The research is published in the August 12 issue of Science.
The widely accepted theory is that Type Ia supernovae are thermonuclear explosions of a white dwarf star in a close binary system. There are two competing scenarios for supernova ancestry. In the so-called single-degenerate model, the accompanying star in the binary is a main-sequence star or evolved star. In the competing double-degenerate model, the companion is another white dwarf -- a very dense star in its final evolutionary stage.
"Because we don't know what the things blowing up actually are, we don't quite understand why they should all be so similar," explained coauthor Josh Simon of the Carnegie Observatories. "That raises the possibility that Type Ia supernovae that occurred 7 billion years ago -- the ones that allow us to measure the repulsive force we call dark energy -- might be different in some subtle way from the ones occurring now. Maybe they are a little bit brighter than the ancient ones, for example."
Mark Phillips, also from Carnegie added, "We wanted to get a better understanding of what the stars look like before the explosion to help determine the origin of their brightness. That information will allow us to be sure that there are no errors of this type distorting the dark energy measurements."
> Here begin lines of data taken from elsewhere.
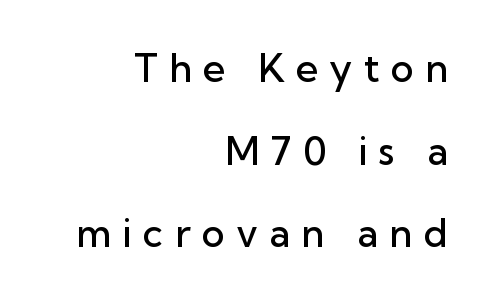
{"serif": "no", "italic": "no", "bold": "semi", "weight": "semibold", "width": "normal", "stroke_contrast": "low", "x_height": "medium", "monospaced": "no", "underline": "no", "align": "right", "line_spacing": "loose", "line_spacing_ratio": 2.12, "letter_spacing": "wide", "letter_spacing_em": 0.29, "glyph_px": 39}
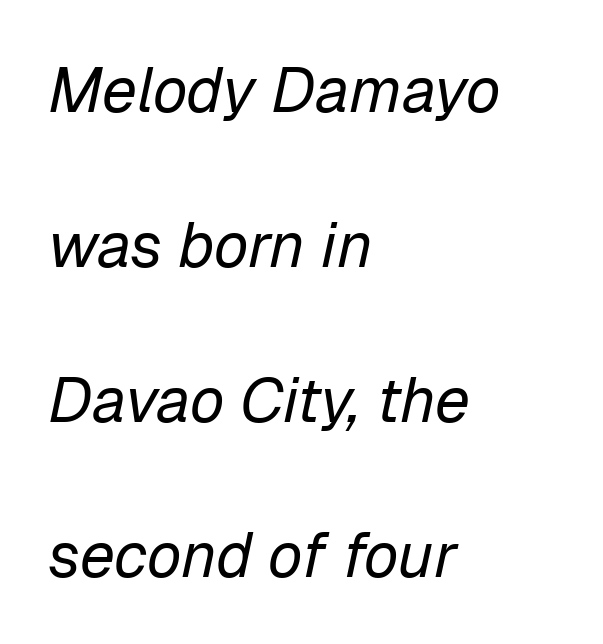
{"italic": "yes", "lean": "right", "slant_degrees": 12, "bold": "no", "weight": "regular", "width": "normal", "stroke_contrast": "low", "x_height": "medium", "monospaced": "no", "underline": "no", "align": "left", "line_spacing": "loose", "line_spacing_ratio": 2.46, "letter_spacing": "normal", "letter_spacing_em": 0.0, "glyph_px": 63}
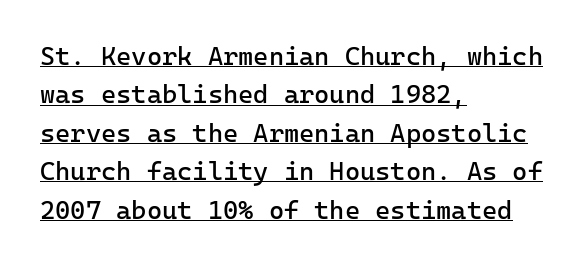
{"italic": "no", "bold": "no", "underline": "yes", "align": "left", "line_spacing": "normal", "line_spacing_ratio": 1.48, "letter_spacing": "normal", "letter_spacing_em": 0.0, "glyph_px": 26}
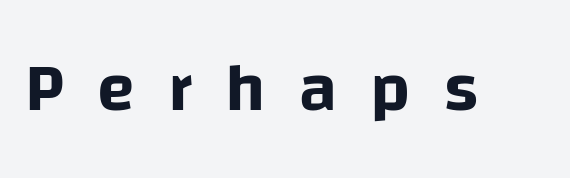
The image shows 69 px sans-serif type, upright; set unusually wide letter spacing (+0.48 em), not underlined; low stroke contrast and a large x-height.
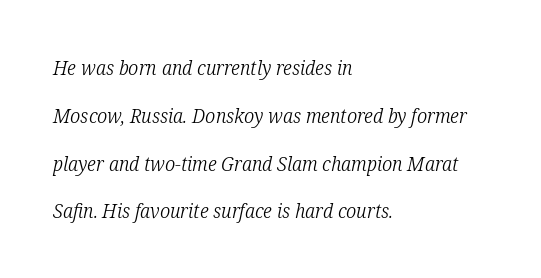
Q: Is the text bold? A: No.
Q: Is the text italic (slanted)? A: Yes, it leans right by about 12 degrees.
Q: Is the text underlined? A: No.
Q: How is the paragraph aligned? A: Left-aligned.
Q: Is the spacing between letters normal or unusually wide? A: Normal.
Q: Is the spacing between lines tight, normal or loose? A: Loose.

The astronomers looked for absorption by sodium atoms in the spectrum of each of the 41 supernovae. Sodium is a telltale sign of cool, neutral gas in the vicinity of the explosion. By measuring the speed of the sodium clouds using the Doppler shift, they determined that the majority of the supernovae show sodium gas moving away from the explosion site and toward Earth.
"If the star system originally contained two white dwarfs before the supernova, then there shouldn't be any sodium," remarked Carnegie's Nidia Morrell. "The fact that we detected the sodium shows that one of the stars must not have been a white dwarf."
The astronomers ruled out other possible sources of the sodium absorption features including interstellar clouds or a galactic-scale wind blown by the host galaxy.
"The low velocities and narrowness of the features suggest that the absorption is from material very close to the supernova that was ejected by the parent system before the explosion. Typically, gas with these characteristics is attributed to the stellar wind blown by red giant companion stars, not white dwarfs," concluded Simon.
The finding is an important first step toward understanding the details of how Type Ia supernovae explode and the origin of their immense luminosity.